Parse a Vietnamese address in the legacy 63-province structure into an `AdminUnit`.

- `keep_street=True` keeps street text when enough address segments are available
- `level=1` parses province
- `level=2` parses district and province
- `level=3` parses ward, district, and province

### `convert_legacy_address_to_2025(address)`

Convert a legacy-format address into a normalized `AdminUnit` in the 2025 structure.

### `standardize_admin_unit_columns(...)`

Standardize province, district, and ward columns in a pandas DataFrame.

### `convert_address_column(...)`

Convert a full address column and optionally attach old/new administrative attributes.

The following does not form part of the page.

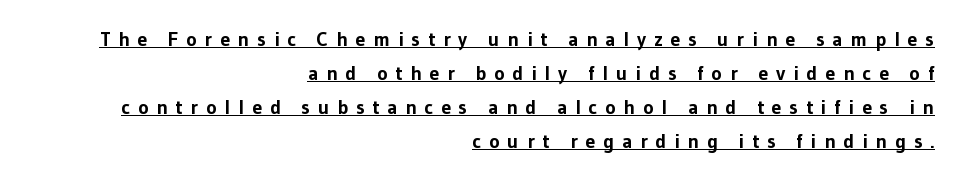
{"italic": "no", "bold": "yes", "underline": "yes", "align": "right", "line_spacing": "normal", "line_spacing_ratio": 1.7, "letter_spacing": "wide", "letter_spacing_em": 0.39, "glyph_px": 20}
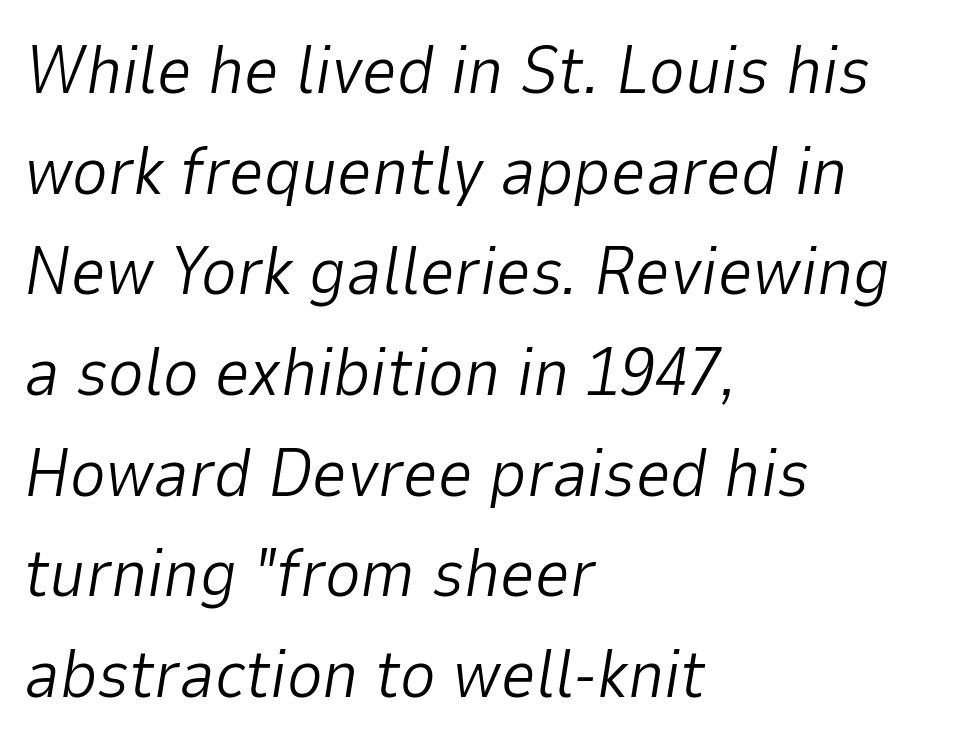
A typesetter would call this leading conventional body-copy spacing. Note the varied advance widths — an 'i' is clearly narrower than an 'm'. The weight tops out at a normal text grade. Tracking here is standard; glyphs follow each other at the usual distance.

### `get_data(...)` and `query(sql)`

Read lookup data from the bundled SQLite database in [`src/data/dataset.db`](src/data/dataset.db).

## Data Directories

### Runtime assets

These files are bundled with the Python package and used at runtime:

- [`src/data/parser_legacy.json`](src/data/parser_legacy.json)
- [`src/data/parser_from_2025.json`](src/data/parser_from_2025.json)
- [`src/data/converter_2025.json`](src/data/converter_2025.json)
- [`src/data/dataset.db`](src/data/dataset.db)

### Workspace data

The [`data`](data) directory is used for data preparation and notebook workflows:

- [`data/alias_keywords`](data/alias_keywords): curated alias inputs used when generating parser assets
- [`data/raw`](data/raw): collected source files
- [`data/interim`](data/interim): intermediate transformation outputs
- [`data/processed`](data/processed): processed datasets for analysis and validation

The repository currently ignores `data/raw`, `data/interim`, and `data/processed`, so those folders act as workspace outputs rather than committed package contents.

## Scripts

Operational scripts and notebooks are grouped by purpose:

- [`scripts/collecting_data`](scripts/collecting_data): external data collection and scraping
- [`scripts/processing_data`](scripts/processing_data): mapping, cleaning, enrichment, and dataset building
- [`scripts/generating_module_data`](scripts/generating_module_data): generation of packaged parser and converter assets
- [`scripts/testing_package`](scripts/testing_package): smoke tests and manual validation

Example smoke test:

```bash
PYTHONPATH=. envs/bin/python scripts/testing_package/manual_parse_smoke_test.py
```

Example benchmark:

```bash
envs/bin/python scripts/testing_package/benchmark_public_api.py
```

Example collection script:

```bash
PYTHONPATH=. envs/bin/python scripts/collecting_data/scrape_sapnhap_bando_provinces_and_wards.py --date 2026-03-31 --verbose
```

Notes:

- Some scripts require the optional dependencies from `.[scripts]`
- Collection scripts require network access
- Several workflows are notebook-driven rather than packaged as command-line tools

## Benchmark

The repository includes a reproducible micro-benchmark for the public SDK API:

```bash
envs/bin/python scripts/testing_package/benchmark_public_api.py
```

Sample results from a local run on `2026-03-31` using Python `3.11.13` on `macOS-15.5-arm64`:

| API | Sample Input | Iterations / run | Best ms/op | Mean ms/op | Ops/s |
| --- | --- | ---: | ---: | ---: | ---: |
| `parse_2025_address` | `"Tân Sơn Hòa, Hồ Chí Minh"` | 10,000 | 0.1181 | 0.1199 | 8469.8 |
| `parse_legacy_address` | `"Long Bình, Quận 9, Hồ Chí Minh"` (`level=3`) | 10,000 | 0.1003 | 0.1039 | 9965.8 |
| `convert_legacy_address_to_2025` | `"Phường 15, Tân Bình, Hồ Chí Minh"` | 5,000 | 0.2364 | 0.2402 | 4230.0 |

These numbers are indicative and will vary by machine, Python version, and whether the tested input path requires external geocoding.

## Development Notes

- Python requirement: `>=3.7`
- Runtime dependencies: `geopy`, `pandas`, `shapely`, `tqdm`, `unidecode`
- Optional script dependencies: `beautifulsoup4`, `numpy`, `requests`, `seleniumbase`

## License

`setup.py` declares the project as MIT-licensed. A standalone `LICENSE` file is not present in the current workspace snapshot.